### Exercise data

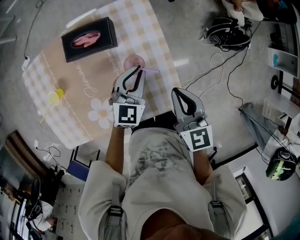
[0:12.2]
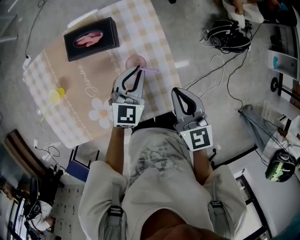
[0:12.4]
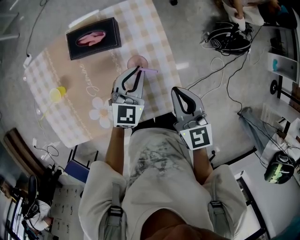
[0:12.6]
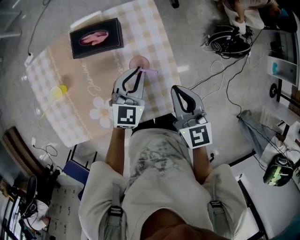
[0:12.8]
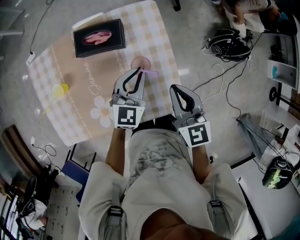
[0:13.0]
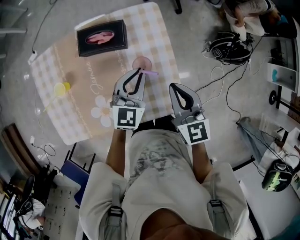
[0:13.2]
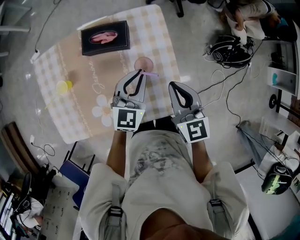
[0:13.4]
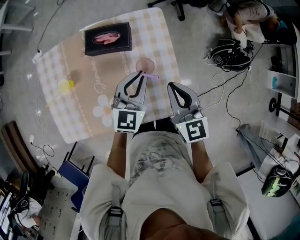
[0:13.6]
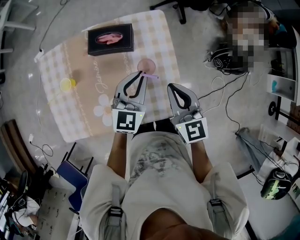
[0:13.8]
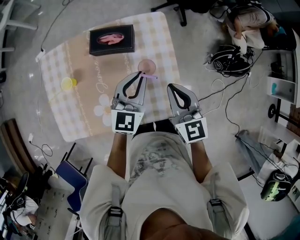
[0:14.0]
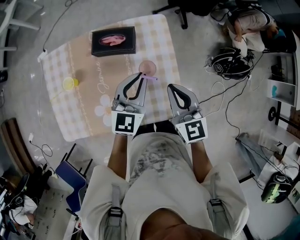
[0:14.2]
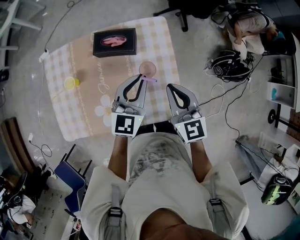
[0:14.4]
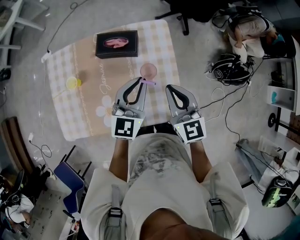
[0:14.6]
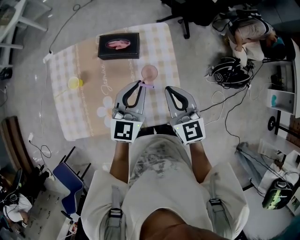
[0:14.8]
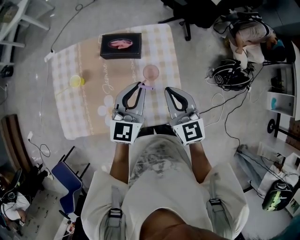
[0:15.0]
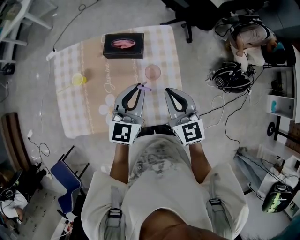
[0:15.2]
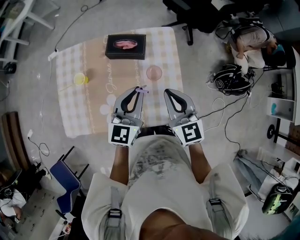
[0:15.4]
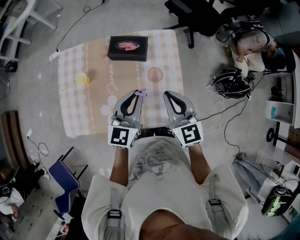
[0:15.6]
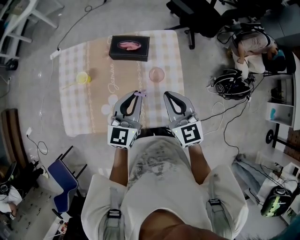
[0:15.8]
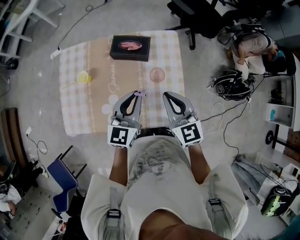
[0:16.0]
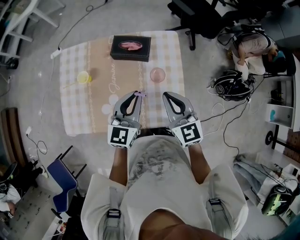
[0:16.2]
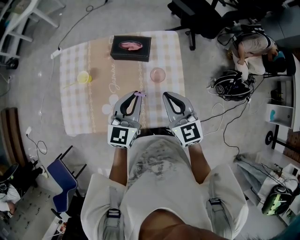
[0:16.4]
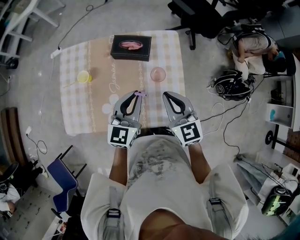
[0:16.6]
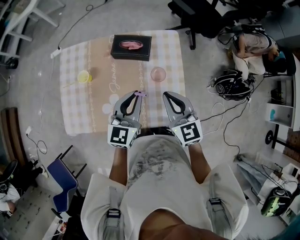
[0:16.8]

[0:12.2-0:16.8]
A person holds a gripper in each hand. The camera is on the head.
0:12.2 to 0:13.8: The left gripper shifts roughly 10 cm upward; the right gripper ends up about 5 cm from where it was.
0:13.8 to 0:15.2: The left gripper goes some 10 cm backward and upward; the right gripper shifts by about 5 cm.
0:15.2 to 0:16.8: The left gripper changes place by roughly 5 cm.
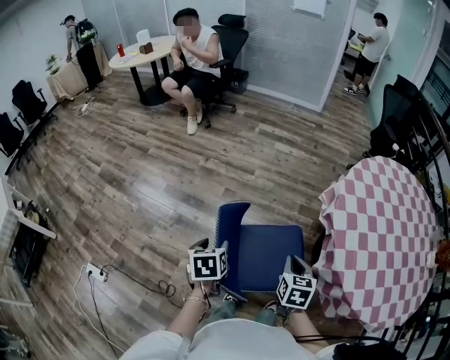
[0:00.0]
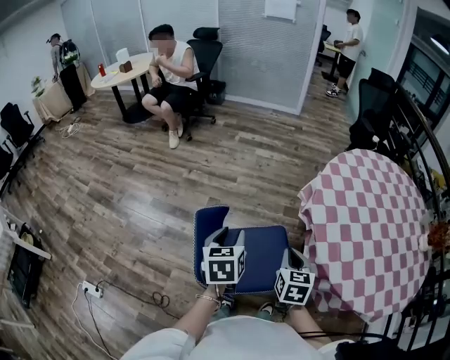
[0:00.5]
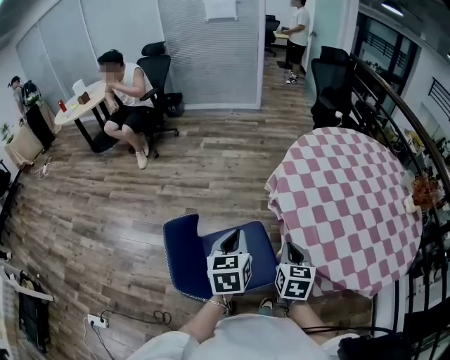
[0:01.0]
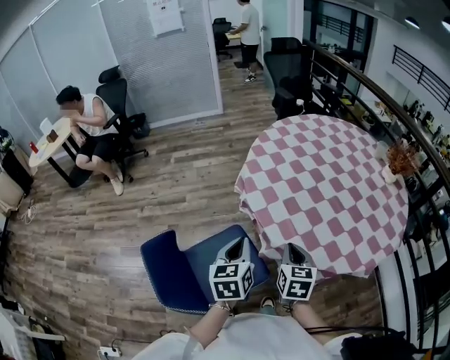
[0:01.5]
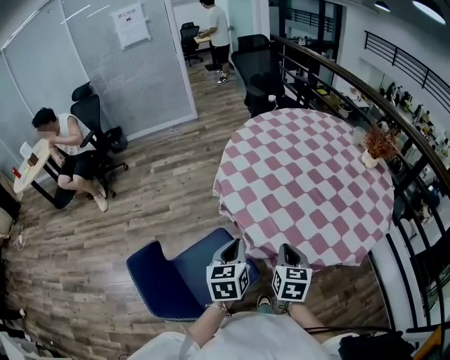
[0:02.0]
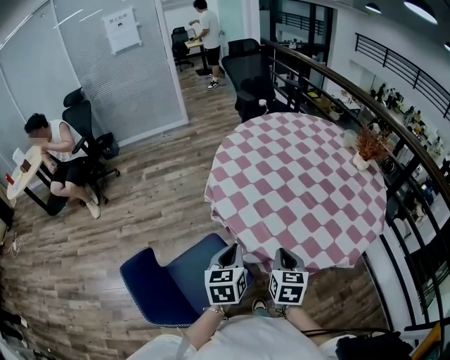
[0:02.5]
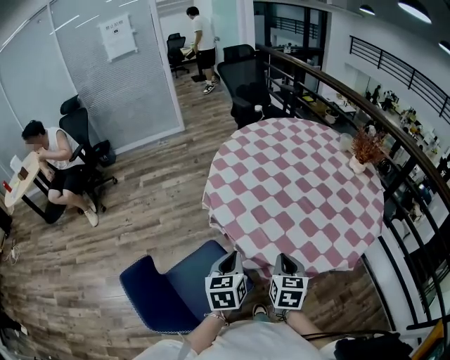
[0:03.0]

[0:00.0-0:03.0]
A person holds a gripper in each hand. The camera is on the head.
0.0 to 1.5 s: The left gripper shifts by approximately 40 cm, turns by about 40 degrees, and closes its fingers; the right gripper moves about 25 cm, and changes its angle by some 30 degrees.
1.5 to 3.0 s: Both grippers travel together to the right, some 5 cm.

######

→ **Required action**:
Could each line of the data be written out exactly, with no pictures included?

→ **Your solution**:
[0:12.2]
[0:12.4]
[0:12.6]
[0:12.8]
[0:13.0]
[0:13.2]
[0:13.4]
[0:13.6]
[0:13.8]
[0:14.0]
[0:14.2]
[0:14.4]
[0:14.6]
[0:14.8]
[0:15.0]
[0:15.2]
[0:15.4]
[0:15.6]
[0:15.8]
[0:16.0]
[0:16.2]
[0:16.4]
[0:16.6]
[0:16.8]

[0:12.2-0:16.8]
A person holds a gripper in each hand. The camera is on the head.
0:12.2 to 0:13.8: The left gripper shifts roughly 10 cm upward; the right gripper ends up about 5 cm from where it was.
0:13.8 to 0:15.2: The left gripper goes some 10 cm backward and upward; the right gripper shifts by about 5 cm.
0:15.2 to 0:16.8: The left gripper changes place by roughly 5 cm.
[0:00.0]
[0:00.5]
[0:01.0]
[0:01.5]
[0:02.0]
[0:02.5]
[0:03.0]

[0:00.0-0:03.0]
A person holds a gripper in each hand. The camera is on the head.
0.0 to 1.5 s: The left gripper shifts by approximately 40 cm, turns by about 40 degrees, and closes its fingers; the right gripper moves about 25 cm, and changes its angle by some 30 degrees.
1.5 to 3.0 s: Both grippers travel together to the right, some 5 cm.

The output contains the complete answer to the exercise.